Iterate steps 2 to 5 until convergence.
At convergence yields m.l.e. \(\hat{\mathbf{\beta}}\)
\[\operatorname { var } ( \hat { \beta } ) = \left( X ^ { T } W X \right) ^ { - 1 }\] where \(W = Var(\mathbf{Y})\), (diagonal) variance matrix of \(Y\).
yields standard errors for \(\hat{\beta}\) (Wald test for \(H_0 : \beta_i = 0\), \(z = \hat{\beta_i}/s.e.(\hat{\beta})\)
\[ Deviance = -2 \text{log likelihood ratio} \] , where denominator likelihood is saturated model.
Pearson residual: \(r_i^P = \frac { y_i - \hat { \mu_i } } { \sqrt { V ( \hat { \mu_i } ) } }\) where \(V(\hat{\mu_i})\) is variance function evaluated at \(\hat{\mu_i}\)
note - for binary data, \(r_{P}\) is asymptotically binary.
Deviance residual: \(r_i^{D} = sgn ( y_i - \hat{\mu_i}) ) \sqrt(d_i)\) where \(Deviance = \sum_{i=1}^{n} d_i\)
Hat values: \(H = W ^ { 1 / 2 } X \left( X ^ { T } W X \right) ^ { - 1 } X ^ { T } W ^ { 1 / 2 }\), then \(h_i\) is the \(i^{th}\) diagonal value.
Cooks distance: \(D_{ i } = \frac { \left( \hat { \beta } _ { ( i ) } - \hat { \beta } \right) ^ { T } \left( X ^ { T } W X \right) \left( \hat { \beta } _ { ( i ) } - \hat { \beta } \right) } { p \hat { \phi } }\)

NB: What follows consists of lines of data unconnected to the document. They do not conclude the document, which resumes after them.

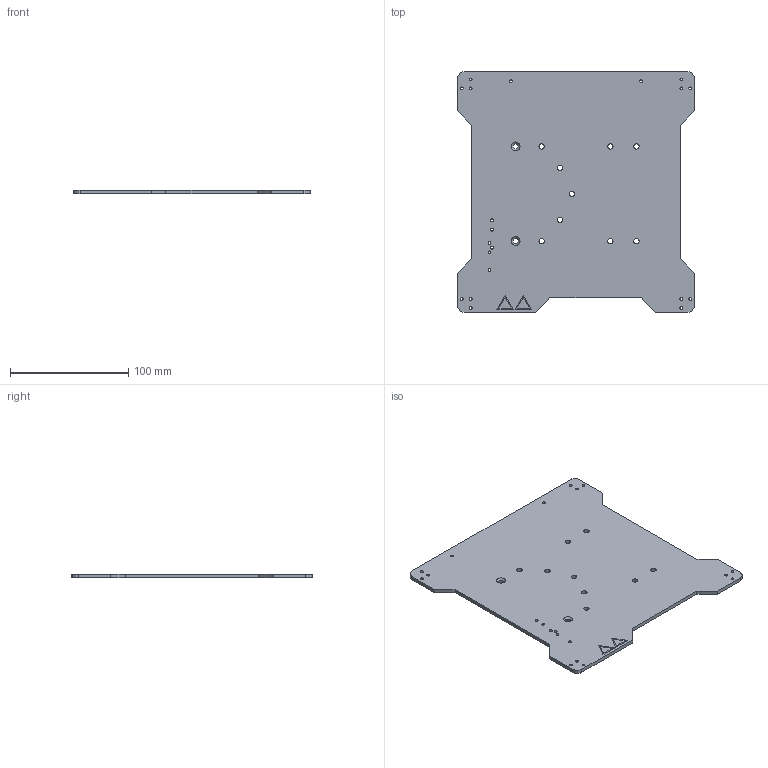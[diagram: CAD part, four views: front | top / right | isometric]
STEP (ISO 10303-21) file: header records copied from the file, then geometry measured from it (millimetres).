
FILE_DESCRIPTION(('FreeCAD Model'),'2;1');
FILE_NAME('bed-mount-plate-mini-white_PP-FP0171.step', '2019-07-08T13:06:19',('Author'),(''), 'Open CASCADE STEP processor 6.9','FreeCAD','Unknown');
FILE_SCHEMA(('AUTOMOTIVE_DESIGN { 1 0 10303 214 1 1 1 1 }'));
Length unit declared in the file: millimetre
Products named in the file (1): Pocket001
Bounding box: 200 x 203 x 3.17 mm (x, y, z)
Volume: 115017.8 mm3; surface area: 76073.1 mm2
Topology: 1 solids, 1 shells, 71 faces, 193 edges, 128 vertices
Faces by surface type: cylinder 35, plane 34, cone 2
Full cylindrical faces by diameter (mm): 2.4 x20, 4.5 x11
Entity records: 4931 total; most frequent: CARTESIAN_POINT 819, DIRECTION 785, LINE 433, VECTOR 433, ORIENTED_EDGE 386, PCURVE 386, DEFINITIONAL_REPRESENTATION 386, EDGE_CURVE 193
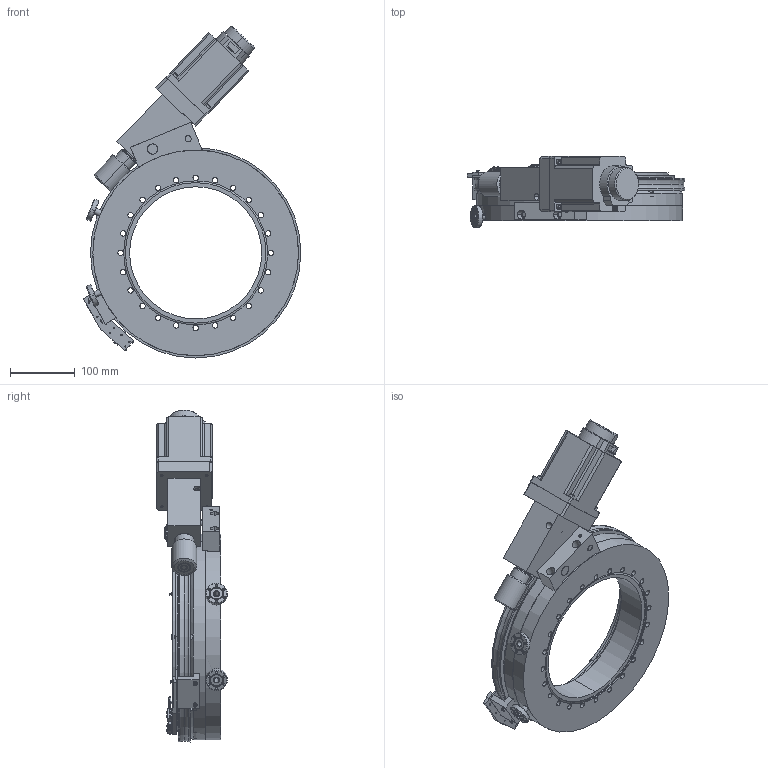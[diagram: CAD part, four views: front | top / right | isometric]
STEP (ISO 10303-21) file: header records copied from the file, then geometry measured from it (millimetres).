
FILE_DESCRIPTION (( 'STEP AP214' ), '1' );
FILE_NAME ('SLO-EX, RNN-800_MS_LS-360_EDR.STEP', '2020-08-26T21:32:25', ( '' ), ( '' ), 'SwSTEP 2.0', 'SolidWorks 2010', '' );
FILE_SCHEMA (( 'AUTOMOTIVE_DESIGN' ));
Length unit declared in the file: inch
Products named in the file (1): SLO-EX, RNN-800_MS_LS-360_EDR
Bounding box: 336 x 109.41 x 512.46 mm (x, y, z)
Surface area: 522903.2 mm2 (no closed solid volume)
Topology: 0 solids, 125 shells, 1025 faces, 5946 edges, 4615 vertices
Faces by surface type: plane 463, cylinder 421, cone 120, torus 12, sphere 8, bspline 1
Entity records: 74772 total; most frequent: CARTESIAN_POINT 15479, DIRECTION 9883, ORIENTED_EDGE 8026, EDGE_CURVE 5928, VERTEX_POINT 4615, LINE 3603, VECTOR 3603, AXIS2_PLACEMENT_3D 3140

Example: Binary logistic regression, WCGA example
##
## Call:
## glm(formula = chd69 ~ age + chol + bmi + smoke + typeA, family = binomial,
## data = wcgs)
##
## Deviance Residuals:
## Min 1Q Median 3Q Max
## -1.2419 -0.4452 -0.3282 -0.2310 2.9352
##
## Coefficients:
## Estimate Std. Error z value Pr(>|z|)
## (Intercept) -10.450174 0.945501 -11.053 < 2e-16 ***
## age 0.067912 0.011744 5.783 7.35e-09 ***
## chol 0.011135 0.001489 7.476 7.65e-14 ***
## bmi 0.086813 0.025631 3.387 0.000707 ***
## smokeYes 0.614705 0.140115 4.387 1.15e-05 ***
## typeAB -0.730325 0.143669 -5.083 3.71e-07 ***
## ---
## Signif. codes: 0 '***' 0.001 '**' 0.01 '*' 0.05 '.' 0.1 ' ' 1
##
## (Dispersion parameter for binomial family taken to be 1)
##
## Null deviance: 1779.2 on 3141 degrees of freedom
## Residual deviance: 1608.3 on 3136 degrees of freedom
## (12 observations deleted due to missingness)
## AIC: 1620.3
##
## Number of Fisher Scoring iterations: 6
For generalized linear models, especially unreplicated binary, small Poisson counts, crosstabulated data, these plots aren’t much help.
multinomial case, ordinal logistic case, plots aren’t even well defined.
need to tailor examination to structure, e.g. look at various stratified estimates in case of aggregated data.